Of the four Dr. Fenimore detective stories that are so indicated in the online Crime Fiction Index, this is number four. Between 1998 and 2006 author Robin Hathaway also wrote five full-length novels with Dr. Fenimore, none of which I’ve read.
This may have been a serious error on my part. I thought they were cozies, but on the basis of this particular story, at least, Dr. Fenimore is actually a very good amateur detective, and the mystery he tackles in “Does Thee Kill?” is a serious one.
In this tale an elderly woman, a devout Quaker, is attacked and killed while taking a walk near her isolated old mansion of a home, which has become isolated in a small neighborhood of Philadelphia that has been going downhill for several years. The police think it’s nothing more than a random mugging, but Dr. Fenimore wonders about it and decides to make some inquiries. If the police are wrong, he’d like to do something about it.

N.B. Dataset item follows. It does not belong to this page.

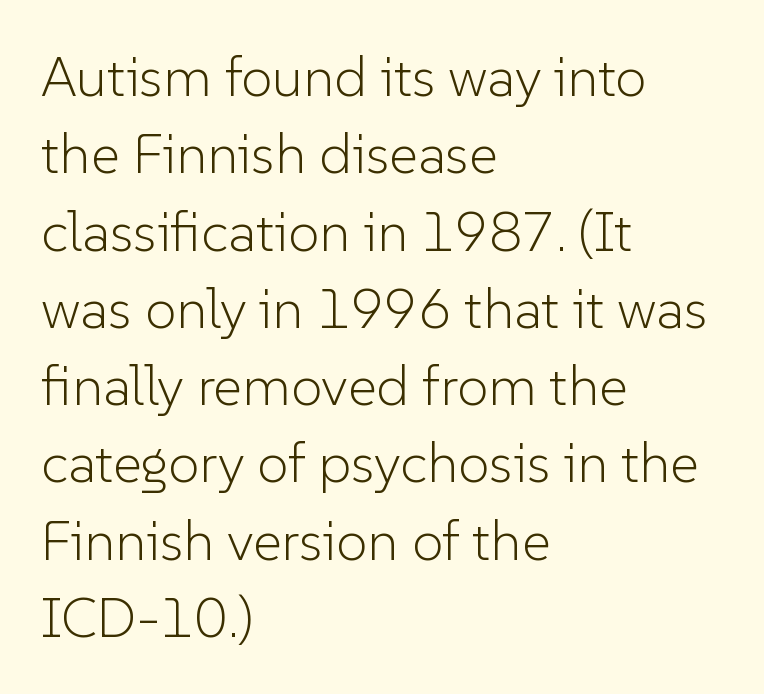
The image shows 56 px light sans-serif type, upright; set left-aligned, normal line spacing (1.38x), normal letter spacing, not underlined; low stroke contrast and a medium x-height.
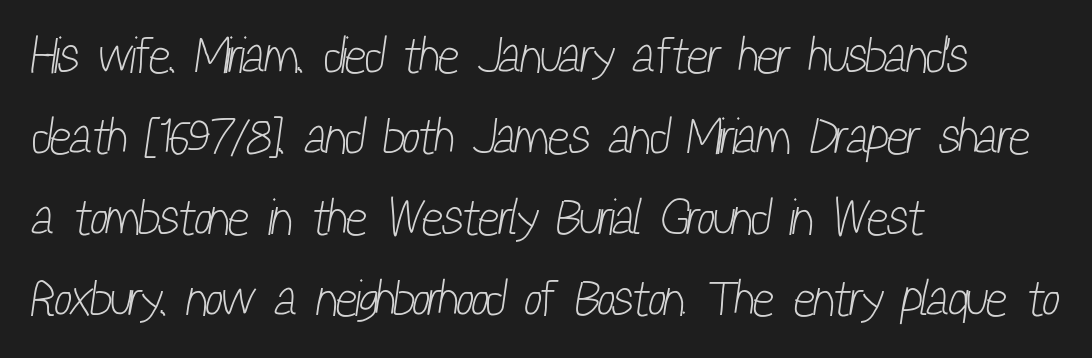
The characters display no serif detailing; their extremities are plain. The rendering uses a moderate line-height, typical for paragraphs. Words appear dense and cohesive because spacing is normal. Quick note: underline off. The font is comparable to plain body text, perhaps lighter.
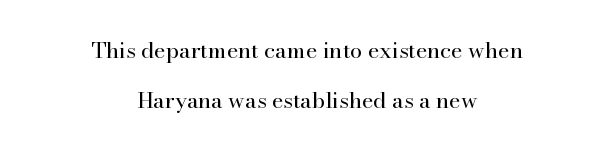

Besides following his investigation closely, the story includes a intimate description of what a Quaker funeral is like. Set in austere surroundings, the people congregated together there sit in silence until someone feels the urge to stand up and say something heartfelt about the deceased.
All of the characters are real people, and Fenimore’s detective work is solidly done. Of special note, the ending is most satisfactory. Other authors may have taken another page or so to include a complete explanation. It pleases me to say that Robin Hathaway did not believe she needed to, and she was right.